Después de todo H. me caía bien. Era un ecologista, preocupado por las especies en extinción, y siempre iba a la facultad en bicicleta. Le gustaba mucho viajar y siempre nos estaba contando anécdotas de cuando había estado en Nueva York, que si lo habían mirado mal por cruzar las piernas en el metro, que si había estado en el Parque de Doñana, en Las tablas de Daimiel, en el paraje natural de Somiedo estudiando a los asturcones... haciendo observaciones para su tesis doctoral... 



H. era algo amanerado y quizá le gustaran tanto unos como otras. A lo mejor estoy rayando la raya. No sé. Que cada cual sea lo que quiera ser. Sólo faltaría. 

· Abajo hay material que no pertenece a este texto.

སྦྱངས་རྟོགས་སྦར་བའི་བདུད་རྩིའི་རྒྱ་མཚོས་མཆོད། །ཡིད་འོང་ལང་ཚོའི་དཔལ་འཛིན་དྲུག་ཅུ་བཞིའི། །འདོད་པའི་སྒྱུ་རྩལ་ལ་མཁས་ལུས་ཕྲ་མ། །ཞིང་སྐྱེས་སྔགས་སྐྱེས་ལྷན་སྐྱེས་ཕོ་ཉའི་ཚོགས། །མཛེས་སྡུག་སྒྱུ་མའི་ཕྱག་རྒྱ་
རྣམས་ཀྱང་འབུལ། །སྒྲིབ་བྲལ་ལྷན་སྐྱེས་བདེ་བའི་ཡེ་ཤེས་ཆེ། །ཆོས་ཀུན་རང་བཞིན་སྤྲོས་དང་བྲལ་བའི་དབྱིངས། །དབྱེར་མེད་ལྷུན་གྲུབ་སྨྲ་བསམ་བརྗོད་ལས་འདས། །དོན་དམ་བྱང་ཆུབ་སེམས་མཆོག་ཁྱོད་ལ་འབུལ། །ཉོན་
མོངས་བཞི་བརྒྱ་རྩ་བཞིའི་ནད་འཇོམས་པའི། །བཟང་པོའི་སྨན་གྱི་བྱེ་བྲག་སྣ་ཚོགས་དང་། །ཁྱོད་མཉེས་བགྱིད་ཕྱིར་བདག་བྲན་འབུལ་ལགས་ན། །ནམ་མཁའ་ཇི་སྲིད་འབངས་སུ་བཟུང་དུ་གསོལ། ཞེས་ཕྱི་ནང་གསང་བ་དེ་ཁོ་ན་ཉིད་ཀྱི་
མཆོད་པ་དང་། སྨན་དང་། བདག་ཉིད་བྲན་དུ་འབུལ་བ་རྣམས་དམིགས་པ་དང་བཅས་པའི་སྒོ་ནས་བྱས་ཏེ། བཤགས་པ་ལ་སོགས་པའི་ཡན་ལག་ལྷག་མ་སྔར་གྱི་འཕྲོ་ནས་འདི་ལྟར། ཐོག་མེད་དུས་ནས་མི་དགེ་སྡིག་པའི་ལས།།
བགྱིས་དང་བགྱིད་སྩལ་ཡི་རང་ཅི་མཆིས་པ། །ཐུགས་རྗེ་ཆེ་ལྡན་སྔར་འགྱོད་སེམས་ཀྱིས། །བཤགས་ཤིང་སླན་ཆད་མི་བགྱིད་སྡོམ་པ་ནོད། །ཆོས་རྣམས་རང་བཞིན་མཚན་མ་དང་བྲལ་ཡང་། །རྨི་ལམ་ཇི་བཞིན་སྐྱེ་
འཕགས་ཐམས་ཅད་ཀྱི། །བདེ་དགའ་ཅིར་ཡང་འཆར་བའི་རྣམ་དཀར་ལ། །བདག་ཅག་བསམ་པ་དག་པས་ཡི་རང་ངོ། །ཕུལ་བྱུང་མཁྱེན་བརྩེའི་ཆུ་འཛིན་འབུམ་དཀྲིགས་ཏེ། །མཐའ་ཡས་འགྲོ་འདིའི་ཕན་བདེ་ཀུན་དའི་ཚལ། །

Un día lo encontré en el cine con unas pintas risibles. Tenía puestas unas gafas de mosca o de abeja Malla o Maya, que le daban un aspecto más rocambolesco que el habitual. Tenía como cierto aire, sólo aire, con uno de aquellos cantantes estrafalarios de la movida. Ahora no recuerdo su nombre, ya me vino a mientes: Paquito Clavel, el del guarripop y cutreLux y aquella canción del Twist del autobús. Me parece que H. era oriundo de León.

Recorría las calles del Antiguo de Oviedo cuando me atacaba la morriña, o sentía que mi ánimo estaba por los suelos; me detenía en la plaza de la Catedral mientras mi imaginación volaba a Francia, al norte de Europa. Quería ver en esta plaza un lugar en Edimburgo, una plaza de Bélgica... Quería evadirme de aquella realidad que principiaba a asfixiarme; tenía hambre de estímulos, como un niñito hiperactivo y con la noradrenalina por las nubes. Quería volar, viajar fuera de Asturias, fuera de España... Necesitaba respirar otros aires. 



Algunos domingos, teñidos por el hastío y quizá por la resaca, bajaba por La Tenderina, que me producía cierta desazón injustificada, quizá porque me sentía algo solo y desamparado (mi musa solía irse los fines de semana a casa de sus papás, que vivían fuera de Oviedo), hacia Ventanielles en busca de mi amigo y paisano Emilio (Milín), para estirar mis neuronas abotargadas, compungidas... Era entonces cuando recuperaba fuerzas y olvidaba por un momento mis obsesivos pensamientos de viajes al final de la noche. La náusea, como a Sartre, no me abandonaba. 
Aquel primer curso en Oviedo me sentía como zafado del mundo, y era entonces cuando la ciudad se transformaba en una gran universidad. Sólo quería asistir a las clases de Gustavo Bueno, que me transportaban a un lugar más placentero que el que estaba viviendo fuera, en la calle, en aquella siniestra pensión de la calle Asturias, que abandoné por fortuna no bien acabado el primer curso. 

Sólo el profesor Bueno, en el primer curso, lograba romper mi absurdo vital. El resto de monigotes, llamados docentes, no me decían nada interesante, o me decían gilipolleces y gueyadas, como el hijoputa de Pedagogía, que se rumoraba era del OPUS.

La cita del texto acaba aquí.